Output of "zpool status":
Code:
/ # zpool status
pool: rpool
state: ONLINE
scan: none requested
config:
NAME STATE READ WRITE CKSUM
rpool ONLINE 0 0 0
raidz1-0 ONLINE 0 0 0
sda2 ONLINE 0 0 0
sdb2 ONLINE 0 0 0
sdc2 ONLINE 0 0 0
sdd2 ONLINE 0 0 0
sde2 ONLINE 0 0 0
sdf2 ONLINE 0 0 0
errors: No known data errors
If I issue the "exit" command from here, it will display the exact same message as above, but with the random string changed to reflect the next entry from "zfs list". If I issue the exit command 42 times in a row, the machine will (finally) fully and properly boot. This behavior persists through subsequent reboots, so I currently have to type exit[enter] 42 times following each reboot before Proxmox finally boots up, regardless of whether I run a dist-upgrade or not.

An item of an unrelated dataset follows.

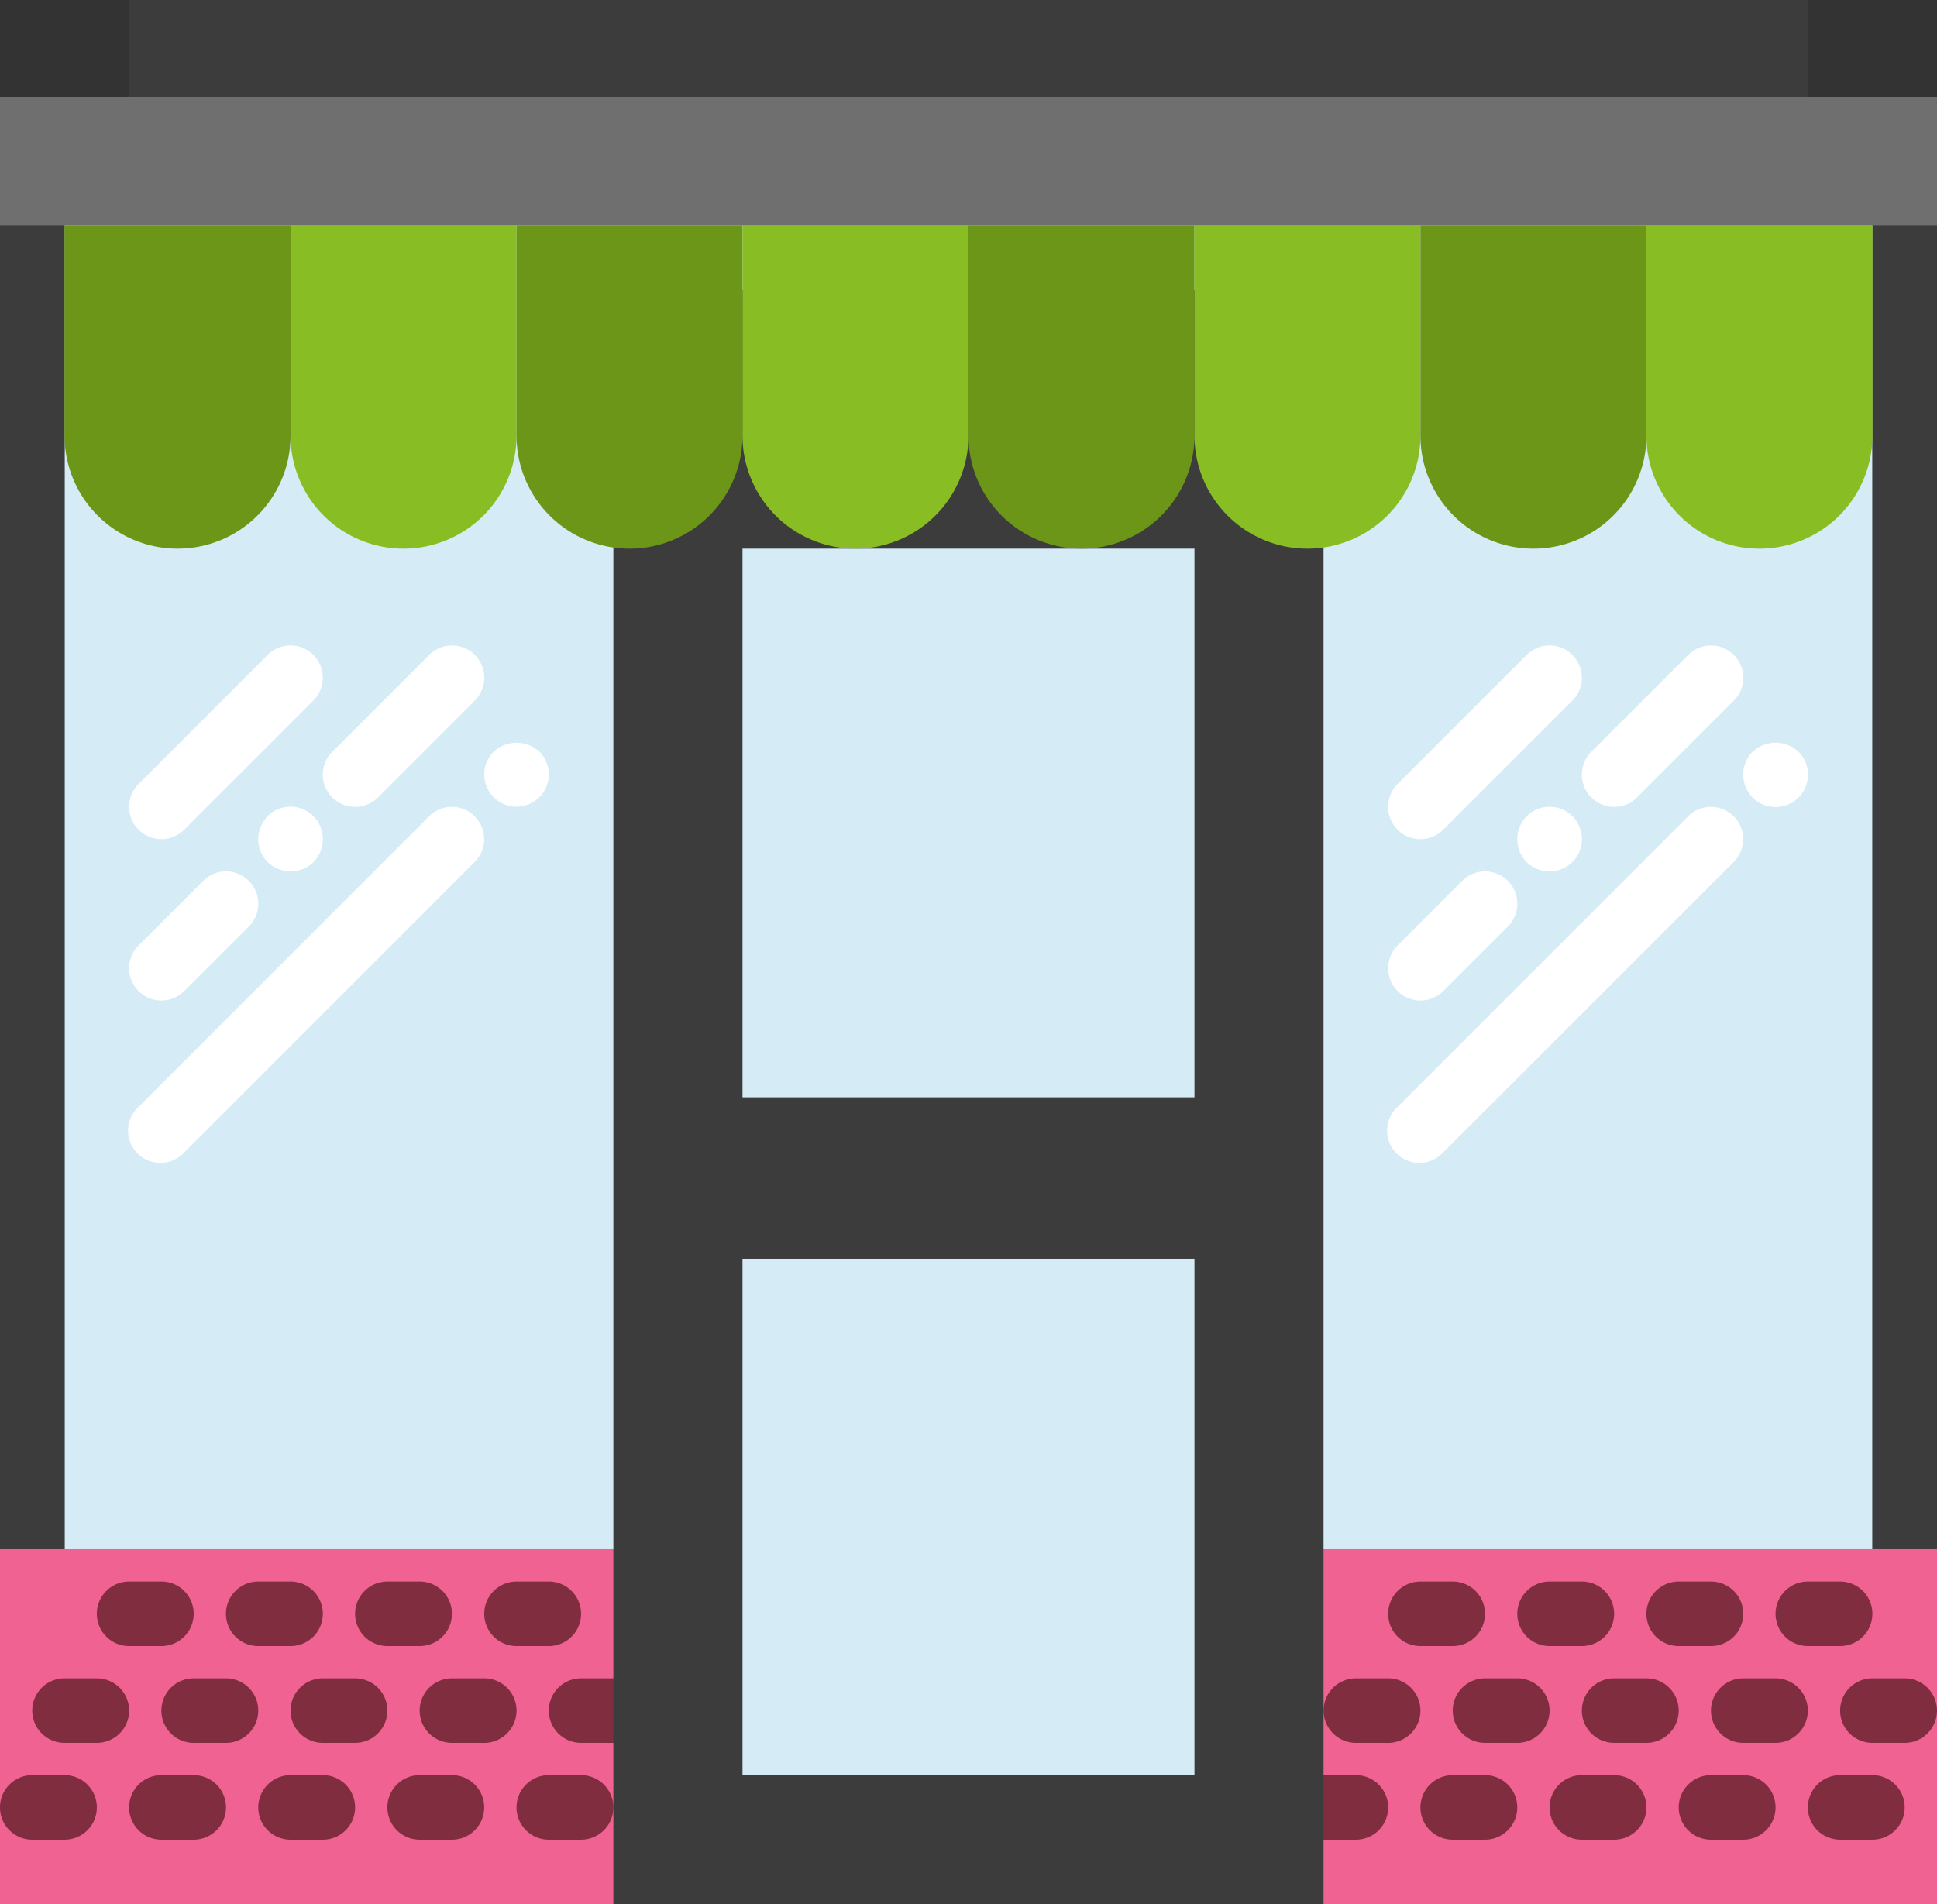 <?xml version="1.0" encoding="UTF-8"?> <svg xmlns="http://www.w3.org/2000/svg" width="71.187" height="70" viewBox="0 0 71.187 70"><rect x="0" y="0" width="71.187" height="70" fill="#333333" stroke="none"/><defs><style>.a{fill:#d5ecf6;}.b{fill:#706f6f;}.c{fill:#3d3c3c;}.d{fill:#f06292;}.e{fill:#802d40;}.f{fill:#fff;}.g{fill:#6c9617;}.h{fill:#89bd24;}</style></defs><g transform="translate(0 -0.5)"><rect class="a" width="66.441" height="49.831" transform="translate(2.373 7.619)"></rect><rect class="b" width="71.186" height="4.746" transform="translate(0 4.059)"></rect><rect class="c" width="2.373" height="48.644" transform="translate(0 8.805)"></rect><rect class="c" width="2.373" height="48.644" transform="translate(68.814 8.805)"></rect><rect class="c" width="61.695" height="3.559" transform="translate(4.746 0.5)"></rect><g transform="translate(0 57.449)"><rect class="d" width="21.356" height="10.678" transform="translate(1.186 1.186)"></rect><path class="d" d="M23.729,61.551H0V48.5H23.729ZM2.373,59.178H21.356V50.873H2.373Z" transform="translate(0 -48.5)"></path></g><g transform="translate(47.458 57.449)"><rect class="d" width="21.356" height="10.678" transform="translate(1.186 1.186)"></rect><path class="d" d="M63.729,61.551H40V48.5H63.729ZM42.373,59.178H61.356V50.873H42.373Z" transform="translate(-40 -48.5)"></path></g><path class="e" d="M7.373,54.873H6.186a1.186,1.186,0,0,1,0-2.373H7.373a1.186,1.186,0,0,1,0,2.373Z" transform="translate(0.932 9.695)"></path><path class="e" d="M3.373,54.873H2.186a1.186,1.186,0,0,1,0-2.373H3.373a1.186,1.186,0,0,1,0,2.373Z" transform="translate(0.186 9.695)"></path><path class="e" d="M10.373,57.873H9.186a1.186,1.186,0,1,1,0-2.373h1.186a1.186,1.186,0,1,1,0,2.373Z" transform="translate(1.492 10.254)"></path><path class="e" d="M2.373,57.873H1.186a1.186,1.186,0,1,1,0-2.373H2.373a1.186,1.186,0,1,1,0,2.373Z" transform="translate(0 10.254)"></path><path class="e" d="M6.373,57.873H5.186a1.186,1.186,0,1,1,0-2.373H6.373a1.186,1.186,0,1,1,0,2.373Z" transform="translate(0.746 10.254)"></path><path class="e" d="M15.373,54.873H14.186a1.186,1.186,0,1,1,0-2.373h1.186a1.186,1.186,0,1,1,0,2.373Z" transform="translate(2.424 9.695)"></path><path class="e" d="M19.373,54.873H18.186a1.186,1.186,0,0,1,0-2.373h1.186a1.186,1.186,0,0,1,0,2.373Z" transform="translate(3.169 9.695)"></path><path class="e" d="M11.373,54.873H10.186a1.186,1.186,0,0,1,0-2.373h1.186a1.186,1.186,0,0,1,0,2.373Z" transform="translate(1.678 9.695)"></path><path class="e" d="M18.373,57.873H17.186a1.186,1.186,0,1,1,0-2.373h1.186a1.186,1.186,0,1,1,0,2.373Z" transform="translate(2.983 10.254)"></path><path class="e" d="M14.373,57.873H13.186a1.186,1.186,0,1,1,0-2.373h1.186a1.186,1.186,0,0,1,0,2.373Z" transform="translate(2.237 10.254)"></path><path class="e" d="M9.373,51.873H8.186a1.186,1.186,0,0,1,0-2.373H9.373a1.186,1.186,0,1,1,0,2.373Z" transform="translate(1.305 9.136)"></path><path class="e" d="M5.373,51.873H4.186a1.186,1.186,0,0,1,0-2.373H5.373a1.186,1.186,0,0,1,0,2.373Z" transform="translate(0.559 9.136)"></path><path class="e" d="M17.373,51.873H16.186a1.186,1.186,0,1,1,0-2.373h1.186a1.186,1.186,0,0,1,0,2.373Z" transform="translate(2.797 9.136)"></path><path class="e" d="M13.373,51.873H12.186a1.186,1.186,0,1,1,0-2.373h1.186a1.186,1.186,0,1,1,0,2.373Z" transform="translate(2.051 9.136)"></path><path class="e" d="M47.373,54.873H46.186a1.186,1.186,0,0,1,0-2.373h1.186a1.186,1.186,0,0,1,0,2.373Z" transform="translate(8.39 9.695)"></path><path class="e" d="M43.373,54.873H42.186a1.186,1.186,0,0,1,0-2.373h1.186a1.186,1.186,0,1,1,0,2.373Z" transform="translate(7.644 9.695)"></path><path class="e" d="M50.373,57.873H49.186a1.186,1.186,0,1,1,0-2.373h1.186a1.186,1.186,0,1,1,0,2.373Z" transform="translate(8.949 10.254)"></path><path class="e" d="M42.373,57.873H41.186a1.186,1.186,0,1,1,0-2.373h1.186a1.186,1.186,0,1,1,0,2.373Z" transform="translate(7.458 10.254)"></path><path class="e" d="M46.373,57.873H45.186a1.186,1.186,0,1,1,0-2.373h1.186a1.186,1.186,0,1,1,0,2.373Z" transform="translate(8.203 10.254)"></path><path class="e" d="M55.373,54.873H54.186a1.186,1.186,0,0,1,0-2.373h1.186a1.186,1.186,0,0,1,0,2.373Z" transform="translate(9.881 9.695)"></path><path class="e" d="M59.373,54.873H58.186a1.186,1.186,0,0,1,0-2.373h1.186a1.186,1.186,0,0,1,0,2.373Z" transform="translate(10.627 9.695)"></path><path class="e" d="M51.373,54.873H50.186a1.186,1.186,0,1,1,0-2.373h1.186a1.186,1.186,0,0,1,0,2.373Z" transform="translate(9.136 9.695)"></path><path class="e" d="M58.373,57.873H57.186a1.186,1.186,0,0,1,0-2.373h1.186a1.186,1.186,0,1,1,0,2.373Z" transform="translate(10.441 10.254)"></path><path class="e" d="M54.373,57.873H53.186a1.186,1.186,0,1,1,0-2.373h1.186a1.186,1.186,0,1,1,0,2.373Z" transform="translate(9.695 10.254)"></path><path class="e" d="M49.373,51.873H48.186a1.186,1.186,0,0,1,0-2.373h1.186a1.186,1.186,0,1,1,0,2.373Z" transform="translate(8.763 9.136)"></path><path class="e" d="M45.373,51.873H44.186a1.186,1.186,0,1,1,0-2.373h1.186a1.186,1.186,0,0,1,0,2.373Z" transform="translate(8.017 9.136)"></path><path class="e" d="M57.373,51.873H56.186a1.186,1.186,0,0,1,0-2.373h1.186a1.186,1.186,0,0,1,0,2.373Z" transform="translate(10.254 9.136)"></path><path class="e" d="M53.373,51.873H52.186a1.186,1.186,0,0,1,0-2.373h1.186a1.186,1.186,0,0,1,0,2.373Z" transform="translate(9.508 9.136)"></path><g transform="translate(4.745 24.229)"><path class="f" d="M5.186,27.619a1.183,1.183,0,0,0,.839-.348l4.746-4.746a1.186,1.186,0,1,0-1.678-1.678L4.348,25.593a1.186,1.186,0,0,0,.839,2.025Z" transform="translate(-4 -20.5)"></path><path class="f" d="M5.186,32.246a1.183,1.183,0,0,0,.839-.348L8.4,29.525a1.186,1.186,0,1,0-1.678-1.678L4.348,30.221a1.186,1.186,0,0,0,.839,2.025Z" transform="translate(-4 -19.195)"></path><path class="f" d="M8.344,25.842A1.24,1.24,0,0,0,8,26.684a1.22,1.22,0,0,0,.344.842,1.245,1.245,0,0,0,.842.344,1.175,1.175,0,0,0,1.186-1.186,1.186,1.186,0,0,0-2.029-.842Z" transform="translate(-3.254 -19.565)"></path><path class="f" d="M10.348,26.085a1.186,1.186,0,0,0,1.678,0l3.559-3.559a1.186,1.186,0,1,0-1.678-1.678l-3.559,3.559A1.185,1.185,0,0,0,10.348,26.085Z" transform="translate(-2.881 -20.5)"></path><path class="f" d="M15.026,25.848,4.348,36.526A1.186,1.186,0,1,0,6.025,38.2L16.7,27.525a1.186,1.186,0,0,0-1.678-1.678Z" transform="translate(-4 -19.568)"></path><path class="f" d="M15.344,23.842a1.186,1.186,0,1,0,1.685,0A1.242,1.242,0,0,0,15.344,23.842Z" transform="translate(-1.949 -19.938)"></path><path class="f" d="M44.186,27.619a1.183,1.183,0,0,0,.839-.348l4.746-4.746a1.186,1.186,0,1,0-1.678-1.678l-4.746,4.746a1.186,1.186,0,0,0,.839,2.025Z" transform="translate(3.271 -20.5)"></path><path class="f" d="M44.186,32.246a1.183,1.183,0,0,0,.839-.348L47.4,29.525a1.186,1.186,0,1,0-1.678-1.678l-2.373,2.373a1.186,1.186,0,0,0,.839,2.025Z" transform="translate(3.271 -19.195)"></path><path class="f" d="M47.344,25.842a1.2,1.2,0,0,0,0,1.685,1.221,1.221,0,0,0,.842.344,1.189,1.189,0,1,0-.842-2.029Z" transform="translate(4.017 -19.565)"></path><path class="f" d="M49.348,26.085a1.186,1.186,0,0,0,1.678,0l3.559-3.559a1.186,1.186,0,1,0-1.678-1.678l-3.559,3.559A1.185,1.185,0,0,0,49.348,26.085Z" transform="translate(4.39 -20.5)"></path><path class="f" d="M54.026,25.848,43.348,36.526A1.186,1.186,0,1,0,45.025,38.2L55.7,27.525a1.186,1.186,0,0,0-1.678-1.678Z" transform="translate(3.271 -19.568)"></path><path class="f" d="M56.029,23.842a1.242,1.242,0,0,0-1.685,0,1.2,1.2,0,0,0,0,1.685,1.191,1.191,0,0,0,1.685-1.685Z" transform="translate(5.322 -19.938)"></path></g><path class="c" d="M19,9.5V68.822H45.1V9.5Z" transform="translate(3.542 1.678)"></path><rect class="a" width="16.61" height="18.983" transform="translate(27.288 46.771)"></rect><path class="a" d="M23,17.5V37.669H39.61V17.5" transform="translate(4.288 3.169)"></path><path class="g" d="M6.153,19.364h0A4.153,4.153,0,0,1,2,15.212V7.5h8.305v7.712A4.153,4.153,0,0,1,6.153,19.364Z" transform="translate(0.373 1.305)"></path><path class="h" d="M13.153,19.364h0A4.153,4.153,0,0,1,9,15.212V7.5h8.305v7.712A4.153,4.153,0,0,1,13.153,19.364Z" transform="translate(1.678 1.305)"></path><path class="g" d="M20.153,19.364h0A4.153,4.153,0,0,1,16,15.212V7.5h8.305v7.712A4.153,4.153,0,0,1,20.153,19.364Z" transform="translate(2.983 1.305)"></path><path class="h" d="M27.153,19.364h0A4.153,4.153,0,0,1,23,15.212V7.5h8.305v7.712A4.153,4.153,0,0,1,27.153,19.364Z" transform="translate(4.288 1.305)"></path><path class="g" d="M34.153,19.364h0A4.153,4.153,0,0,1,30,15.212V7.5h8.305v7.712A4.153,4.153,0,0,1,34.153,19.364Z" transform="translate(5.593 1.305)"></path><path class="h" d="M41.153,19.364h0A4.153,4.153,0,0,1,37,15.212V7.5h8.305v7.712A4.153,4.153,0,0,1,41.153,19.364Z" transform="translate(6.898 1.305)"></path><path class="g" d="M48.153,19.364h0A4.153,4.153,0,0,1,44,15.212V7.5h8.305v7.712A4.153,4.153,0,0,1,48.153,19.364Z" transform="translate(8.203 1.305)"></path><path class="h" d="M55.153,19.364h0A4.153,4.153,0,0,1,51,15.212V7.5h8.305v7.712A4.153,4.153,0,0,1,55.153,19.364Z" transform="translate(9.508 1.305)"></path></g></svg>

I've found some resources but I can't post them here because reasons.
I have attempted to implement all of these, but have had no success whatsoever. I can successfully modify system files within /root, and I can access utilities like "update-grub" and "update-initramfs" after running the exit procedure and getting out of BusyBox, but the problem persists. "zpool import rpool" just errors out and shows that a pool with that name already exists, as indicated by the output of "zpool status".
The simplest solution I have found is to freshly reinstall Proxmox and recreate the ZFS pool. I have reinstalled to address this issue twice, and am now stuck at BusyBox a third time after narrowing down the issue as much as possible. I am new to ZFS and Proxmox and am definitely out of my depth.
Is there something I should try next or any more information I can provide?